Copyright © World Health Organization (WHO) 2019. Some rights reserved. This work is available under the CC BY-NC-SA 3.0 IGO license (https://creativecommons.org/licenses/by-nc-sa/3.0/igo).


More than 1.5 billion people have been affected by crises over the last decade, especially the vulnerable groups including children and women (1), incurring economic losses in excess of US$ 1.3 trillion (2). The Easter Mediterranean Region suffers from the greatest number of natural and man-made disasters and is especially prone to such events because of its geo-climactic characteristics with significant increase in the risk of disasters projected over the next two decades (3). In addition, it is home to many tenacious conflicts including insurgencies, ethnic tensions, and sectarian clashes with potential for further escalation (4). Such calamities not only lead to displaced populations and infrastructure damage, but also lead to breakdowns in health systems that permit disease outbreaks.
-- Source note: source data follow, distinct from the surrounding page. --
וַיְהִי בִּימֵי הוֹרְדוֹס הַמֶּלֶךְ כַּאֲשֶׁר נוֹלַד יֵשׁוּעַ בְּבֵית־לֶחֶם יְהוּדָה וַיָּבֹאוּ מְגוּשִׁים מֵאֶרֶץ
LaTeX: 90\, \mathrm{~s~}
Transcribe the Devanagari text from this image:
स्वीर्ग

The World Health Organization (WHO) has strongly advocated health systems’ preparedness for effective management of crisis situations, which forms the basis for the study “Health system preparedness in Pakistan for crisis management: a cross-sectional evaluation study” (5). Pakistan has been beset with environmental and political degradation for a number of years, and adequate urgent response to human catastrophe incidents, due to political turmoil or extreme weather events, continues to be challenge for humanitarian organizations when inadequate country-wide crises response mechanisms hinder effective health systems.
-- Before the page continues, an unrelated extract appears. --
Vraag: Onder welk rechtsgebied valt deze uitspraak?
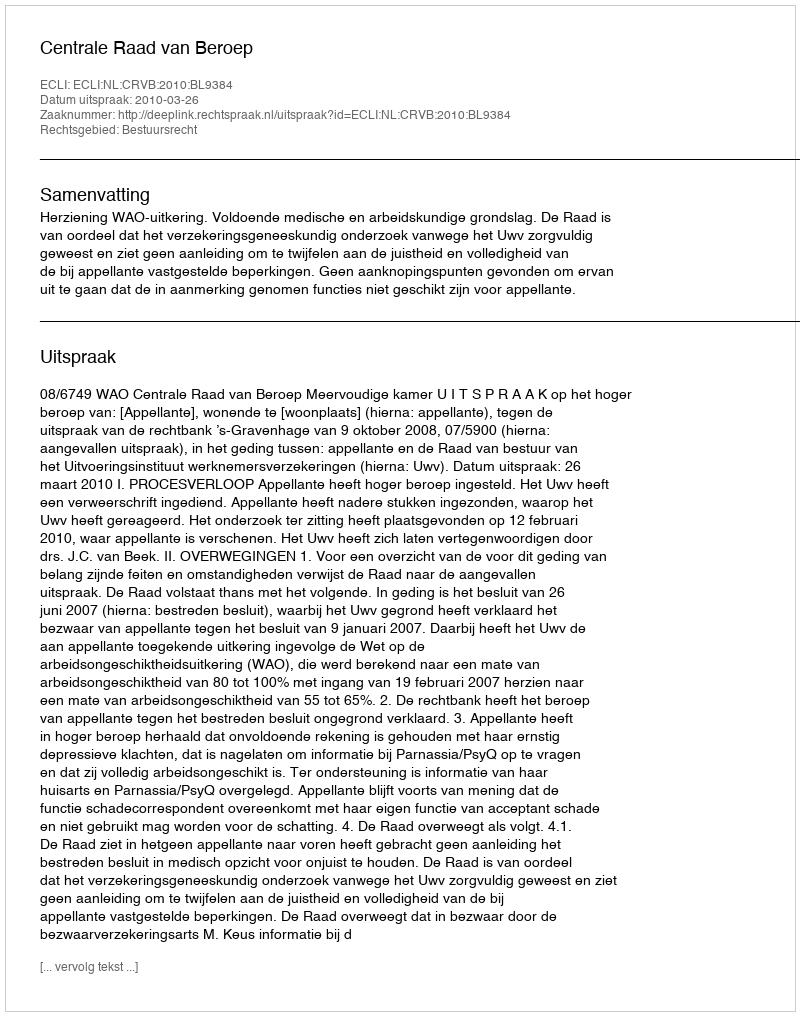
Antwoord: Bestuursrecht

Moreover, preparedness for disease pandemics need not always be linked to the presence of health systems degradation, but can also highlight the need to anticipate potential disasters before they even materialize. Although the last influenza H1N1 pandemic in 2009 was relatively mild, fear prevails that the next one might not be (6,7). Due to frequent mutations and re-assortment in its genome, influenza is a continuously evolving virus; potential source of epidemics / pandemics, accordingly (8). Predicting when or where an influenza pandemic may arise, or even which strain will be the culprit is a difficult task (9). Thus, WHO has urged every country to develop and maintain an up-to-date national influenza preparedness plan, and provided guidance on plan content (10), as discussed in the article “Influenza pandemic preparedness in the WHO Eastern Mediterranean Region (11).

Empowerment of patients to self-manage the common zoonotic disease brucellosis in the article “Cognitive factors associated with Brucellosis preventive behaviours among diagnosed patients: an application of Empowerment Model” (12) highlights how relatively common diseases still require a country-wide approach to their containment.

However, one aspect of the effect of internal political conflict on populations has received little attention, namely how the health care professionals of tomorrow struggle to qualify in such adverse environments. Regional political upheaval that started in 2011 extended to Yemen, resulting in civic instability and eventually ended up with a war that is still ongoing. The effects of war on dental students in Yemen have not been widely studied, although political conflicts would be expected to have direct / indirect negative consequences on society, including university students (13). This topic was the focus of research in the article “Dental environment and war-related stress among dental students, Yemen” (14). In addition to the political turmoil that can affect students’ performance, the article “Perspectives of medical students and teaching faculty on teaching medicine in their native language” (15) looks at how the choice of using the native language for instruction in medicine has a significant impact on the students who sit for such studies, as it facilitates the process of acquiring knowledge and utilizes the optimum potential of the students.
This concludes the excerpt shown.